Even Distribution of Missing Zip Code Level Data
Due to differences in the zip codes that the American Community Survey (ACS) considers to be subregions of counties compared to IMPLAN data, there can be misalignment between raw data and the IMPLAN data that is used to create the demographic expansion figures. This is because the process for Estimating Zip Code Data is separate from the production of Enhanced Demographic Data.
A common issue that this causes involves county-level non-zero values with child zip code level zero values. For instance, a county may indicate that there are non-bilingual speakers of “Asian and Pacific Island Languages”, while the zip codes that belong to that county indicate that there are no individuals that fall into that category. Another example would be a county that indicates there are females in the age ranges of 20 to 24, while no females aged 20 to 24 exist in any of the zip codes that fall under said county according to IMPLAN data.

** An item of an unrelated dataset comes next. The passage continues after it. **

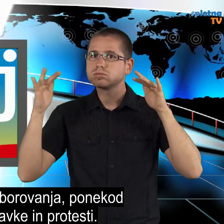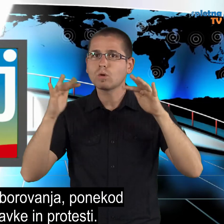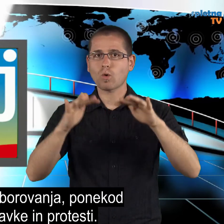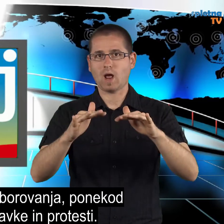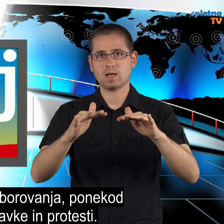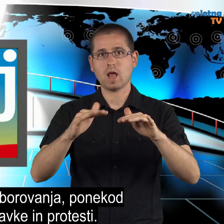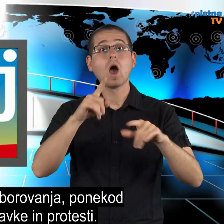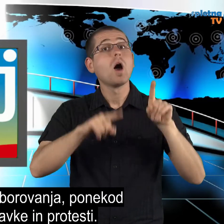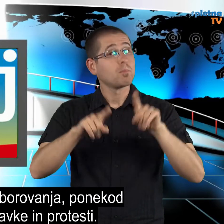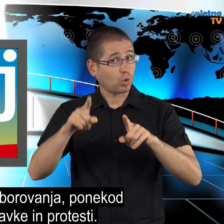protesti.
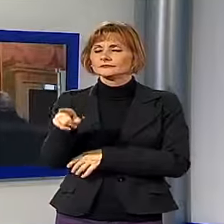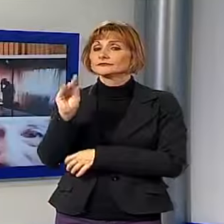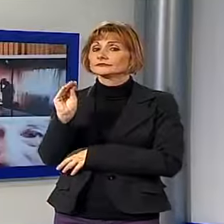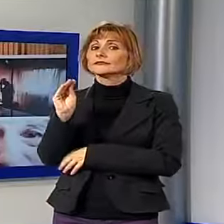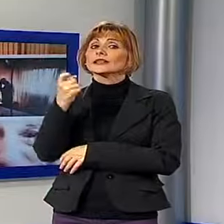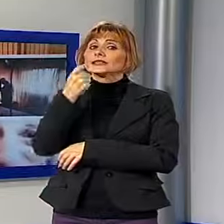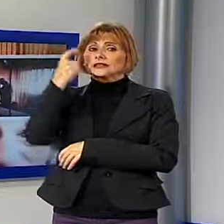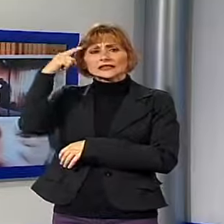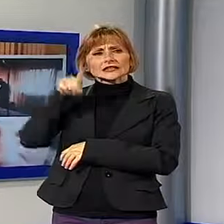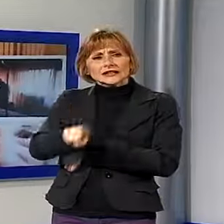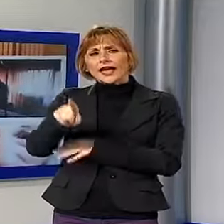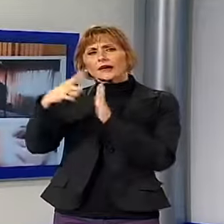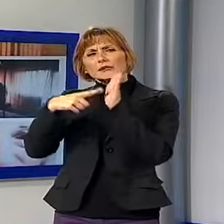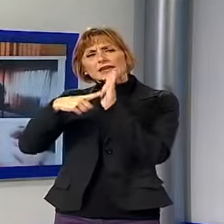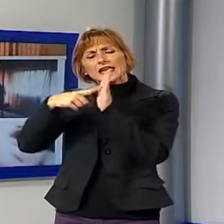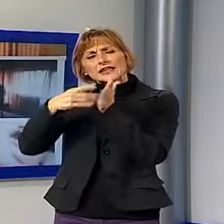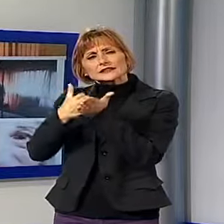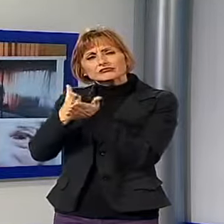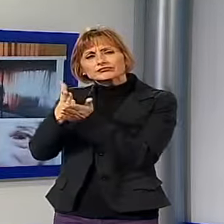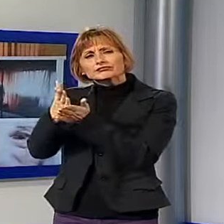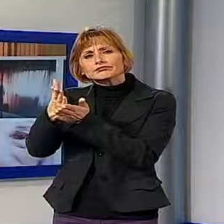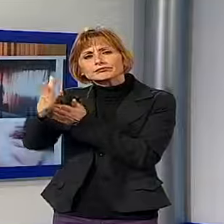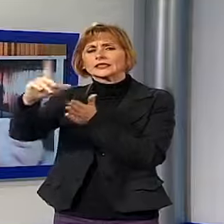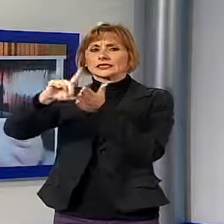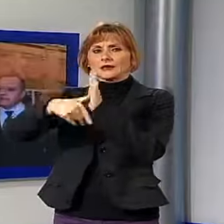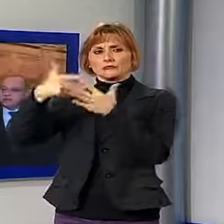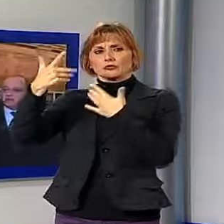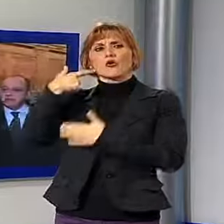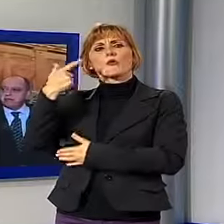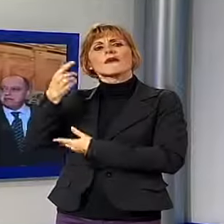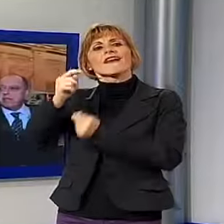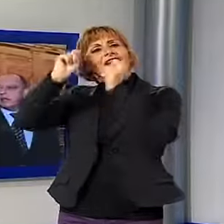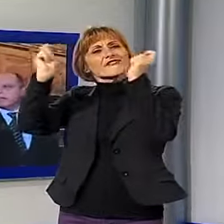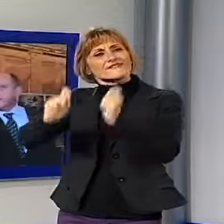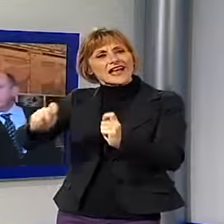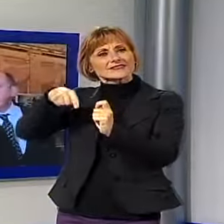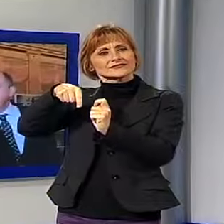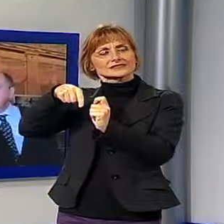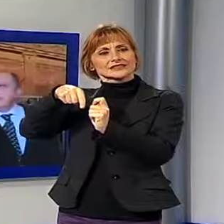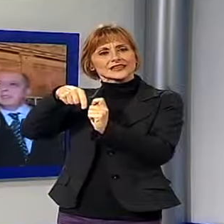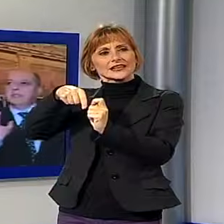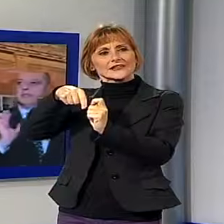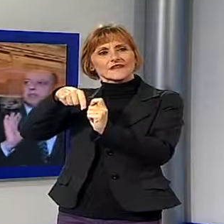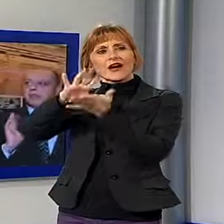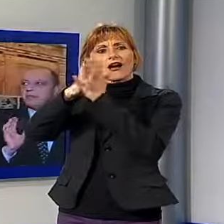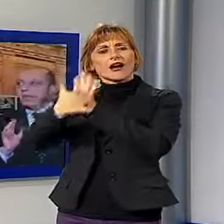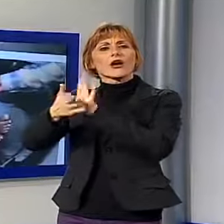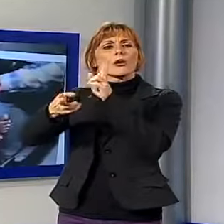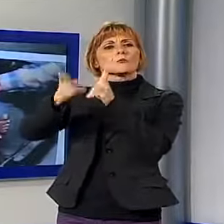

In the first release of the enhanced demographic data, IMPLAN economists hand-assigned values to cover these differences, most often to the zip code that had the highest population out of the group of zip codes that belonged to the county in question. As of 2021, county-level values are now distributed evenly amongst component zip codes in the event that this mismatch occurs, for first estimates only. This will ensure maximum comparability across years. Note that this is done prior to geographically controlling and RASing all zip code level data.
Improved Household Occupancy Data Estimation
Prior to 2021, Housing Occupancy estimates for zip codes were able to include estimates where households existed in a region, with none of them occupied and some falling under various vacancy categories. Occupancy estimations now incorporate measures to ensure that if households exist in a zip code, there are also some occupied households. It is estimated that about 0.2% of zip codes were affected by this change in both 2020 and 2021 releases.